Marie and Pierre Curie discovered polonium and radium, leading to the use of radiation to treat cancer patients. Their abandoned laboratory in Paris is highly radioactive and has been compared to Chernobyl. Marie Curie died of radiation-related illness and her personal belongings remain radioactive. France relies heavily on nuclear power but struggles with safe disposal of nuclear waste.

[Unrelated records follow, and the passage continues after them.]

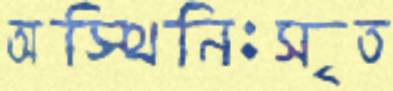
অস্থিনিঃসৃত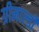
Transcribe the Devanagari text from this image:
ग्रीमाल्डी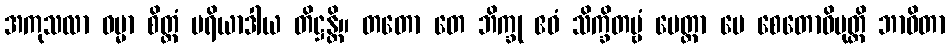
အကုသလာ ဓမ္မာ စိတ္တံ ပရိယာဒါယ တိဋ္ဌန္တိ။ တတော တေ ဘိက္ခု ဧဝံ သိက္ခိတဗ္ဗံ မေတ္တာ မေ စေတောဝိမုတ္တိ ဘာဝိတာ

Marie Curie and her husband, Pierre, made their names in the 1920s and 1930s when their research led to the discovery of polonium and radium. Their experiments with radioactivity at their laboratory in Arcueil, south of Paris, led to the use of radiation to treat cancer patients. But, boy, did their work make a big mess. Today, Marie Curie’s abandoned laboratory, located in a working-class Parisian suburb, is barricaded behind a concrete wall topped with barbed wire, surveillance cameras and radiation monitors. The radioactivity of the site, which has undergone a series of cleanup efforts, has led some to refer to the site as “Chernobyl on the Seine”.
Half-life of a scientific pioneer:
Curie has won two Nobel prizes: one in physics and one in chemistry. Initially, the discovery of radium led to a dangerous craze in the 1920s in which radium-based products were sold to treat ailments ranging from hair loss to impotence.
Known as the “mother of modern physics,” Curie died in 1934 of aplastic anemia, a condition linked to high levels of radiation. She was 66 years old. Curie’s personal belongings – clothes, furniture, cookbooks and notebooks – are still dangerously radioactive.
Nuclear power supplies about three-quarters of France’s electricity needs, compared to only 20% in the United States. There is still no safe solution for the disposal of nuclear waste stored in France’s 906 nuclear waste sites.